Reserves are built in.
All disbursements are controlled through escrow, not hope.
We deploy with discipline, transparency, and speed—and we tithe back to the communities we serve.
Because of that model, I do not syndicate, I do not raise capital, and I do not take partners.
This article explains why.
I was recently shown a 129-home single-family rental portfolio being marketed as a sponsor-led equity deal.
On paper, it looked impressive:
Below replacement cost
Large portfolio
35%+ targeted IRR
Predefined exit within 12 months
But numbers don’t care about marketing.
So I ran it the same way I run every deal—like a third grader, one step at a time.
Here’s what the math actually said.
Why: Rent is the top number. Everything comes from this.
The sponsor projected stabilized rent of:
$2,650,000
So that’s our starting point. No arguments there.
Why: You never get to keep gross rent.
Using the sponsor’s own deck, operating expenses were running very high in Year 1—about 76% of revenue.
To be generous, I assumed expenses would improve to 70% at stabilization.
Expenses:
70% × $2,650,000 = $1,855,000
Why: NOI is what pays debt. No NOI = no safety.
NOI = Rent − Expenses
$2,650,000 − $1,855,000 = $795,000
Stabilized NOI ≈ $800,000
That’s the real earning power of the asset.

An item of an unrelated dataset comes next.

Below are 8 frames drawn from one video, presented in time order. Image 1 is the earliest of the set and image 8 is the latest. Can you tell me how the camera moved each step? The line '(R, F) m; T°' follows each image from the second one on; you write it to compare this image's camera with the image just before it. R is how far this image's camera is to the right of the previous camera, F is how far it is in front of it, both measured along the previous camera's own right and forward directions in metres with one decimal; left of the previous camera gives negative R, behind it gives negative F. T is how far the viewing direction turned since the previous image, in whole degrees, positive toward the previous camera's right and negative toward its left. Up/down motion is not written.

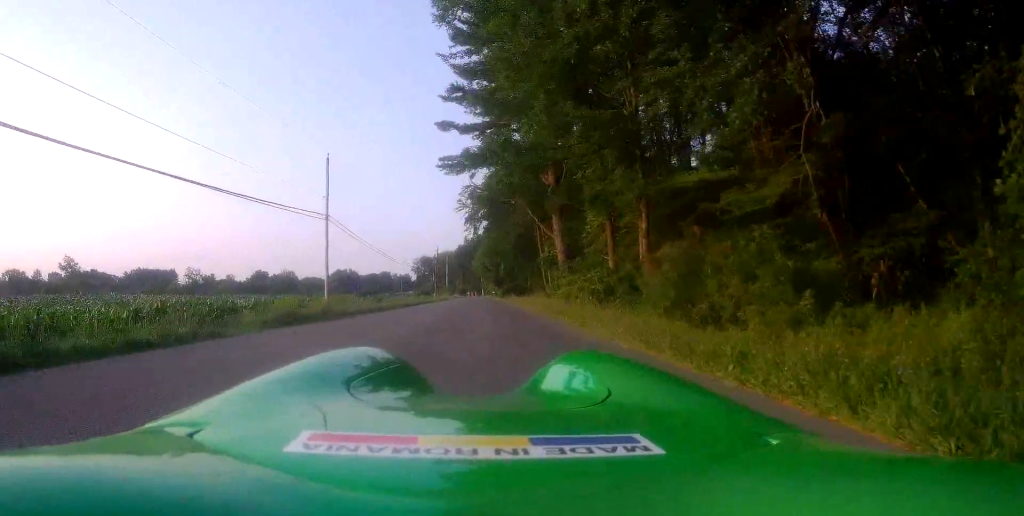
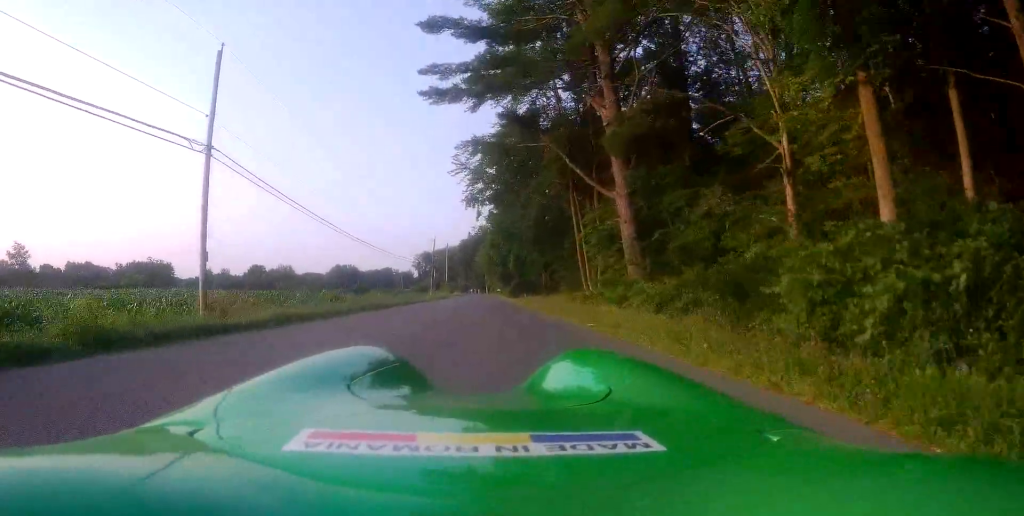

Why: DSCR is non-negotiable.
The deal carried approximately $1,912,515 in annual debt cost (interest-only, best case).
This is where most syndications quietly break.
Why: If NOI doesn’t cover debt, the deal is living on borrowed time.
DSCR = NOI ÷ Debt Service
$795,000 ÷ $1,912,515 ≈ 0.42
DSCR ≈ 0.42
That means the property generates less than half of what it needs to service the debt.
No cushion.
No margin.
No safety.
Why: I don’t buy below my floor.
My standards:
Minimum DSCR: 1.25
Target DSCR: 1.50+
Required NOI:
For 1.25 DSCR:
$1,912,515 × 1.25 = $2,390,644
For 1.50 DSCR:
$1,912,515 × 1.50 = $2,868,773
Reality check:
Actual stabilized NOI: ~$800K
Required NOI: $2.4M–$2.9M
That’s 3× to 3.5× more NOI than the asset produces.
This isn’t close.
This isn’t conservative.
This is exit-dependent speculation.
Why: Yield reveals whether an asset works without financial gymnastics.
Total project cost was approximately $22,386,500.
Yield = NOI ÷ Total Cost
$795,000 ÷ $22,386,500 ≈ 3.55%
My rule:
Day-1 or near Day-1 yield ≥ 9%
This deal doesn’t even reach half of my minimum.
I don’t value assets based on a future buyer’s optimism.
I value them based on what the income can safely support.
For SFR portfolios, I underwrite at 8–9 caps.
Using $795,000 NOI:
At a 9 cap:
$795,000 ÷ 0.09 = $8.83M
At an 8 cap:
$795,000 ÷ 0.08 = $9.94M
True FMV range: $8.8M – $9.9M
I never pay full FMV.
Offer = 85% of FMV:
Low end: ~$7.5M
High end: ~$8.4M
My control-buyer range: $7.5M–$8.4M total
The sponsor’s targeted exit?
$27.8M
That’s over 3× my valuation.
This deal “works” only if:
The exit happens on time
The market stays hot
Capital markets stay liquid
Someone else pays more
That is not investing.
That is passing risk downstream.
Syndications require:
Partners
Capital calls
Exit timing
Consensus
Hope
I don’t operate on hope.
I buy control.
I buy income safety.
I buy Day-1 structure.
In my deals:
Debt is covered from Day 1
DSCR is built in, not projected
Yield meets threshold immediately
Seller payoff is guaranteed
Reserves are escrowed
No partners, no votes, no capital raises
If a deal can’t stand without a resale, I pass.
A high IRR doesn’t mean a good deal.
A big portfolio doesn’t mean a safe one.
And partners don’t reduce risk—they spread it.
I don’t syndicate because I don’t need to.
I structure.
Structure over sacrifice. Stewardship over struggle. Every deal builds legacy.